++++ PROVIDED INFORMATION ++++
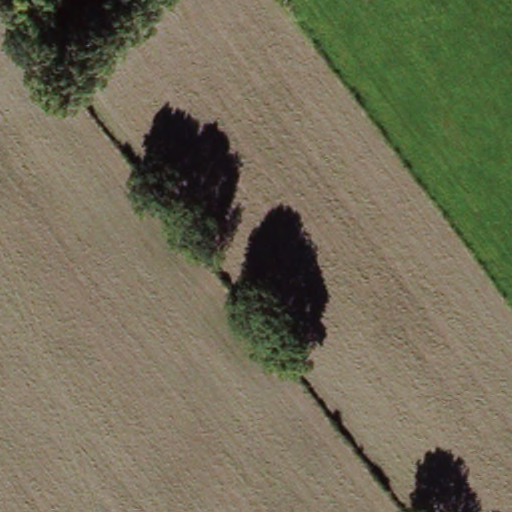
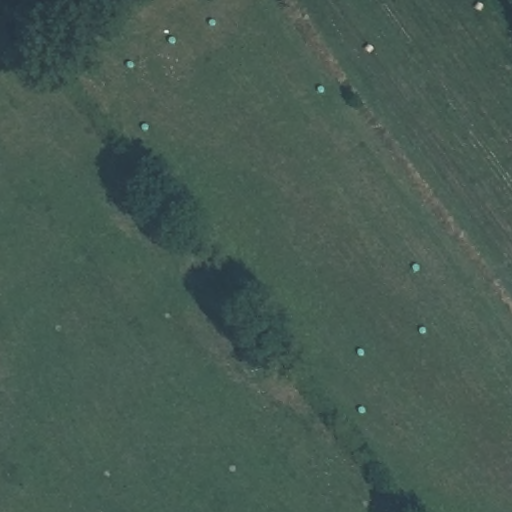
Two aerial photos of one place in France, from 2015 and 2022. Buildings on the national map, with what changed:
[]

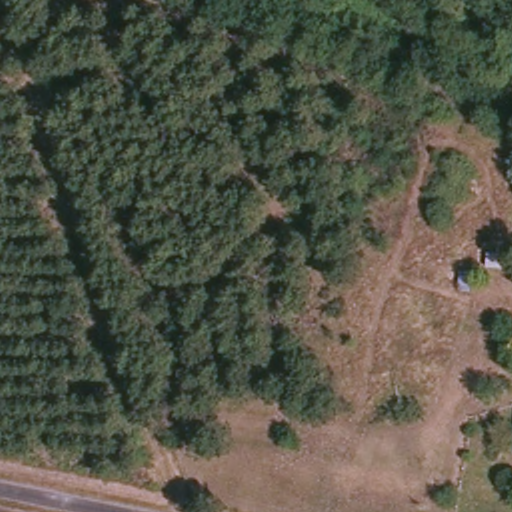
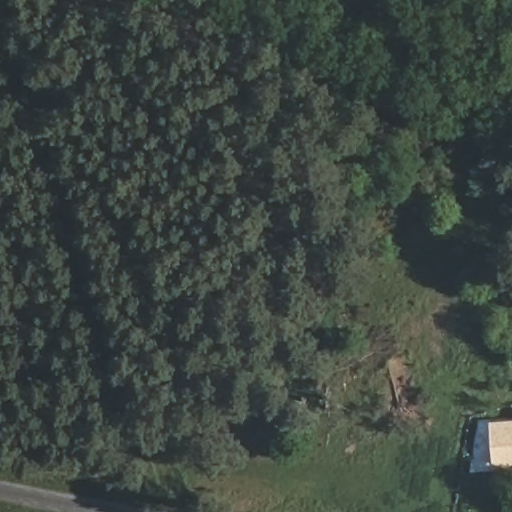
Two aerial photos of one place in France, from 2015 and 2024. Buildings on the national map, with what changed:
unchanged [(504,270),(487,269),(488,253),(506,253),(504,270)]
unchanged [(474,274),(472,301),(461,302),(462,272),(474,274)]
new [(490,421),(512,420),(512,463),(492,465),(490,421)]
++++
_WHAT YOU HAVE TO DO_
Would you print the whole listing exactly, omitting the pictures?

_EXERCISE OUTPUT_
Two aerial photos of one place in France, from 2015 and 2022. Buildings on the national map, with what changed:
[]

Two aerial photos of one place in France, from 2015 and 2024. Buildings on the national map, with what changed:
unchanged [(504,270),(487,269),(488,253),(506,253),(504,270)]
unchanged [(474,274),(472,301),(461,302),(462,272),(474,274)]
new [(490,421),(512,420),(512,463),(492,465),(490,421)]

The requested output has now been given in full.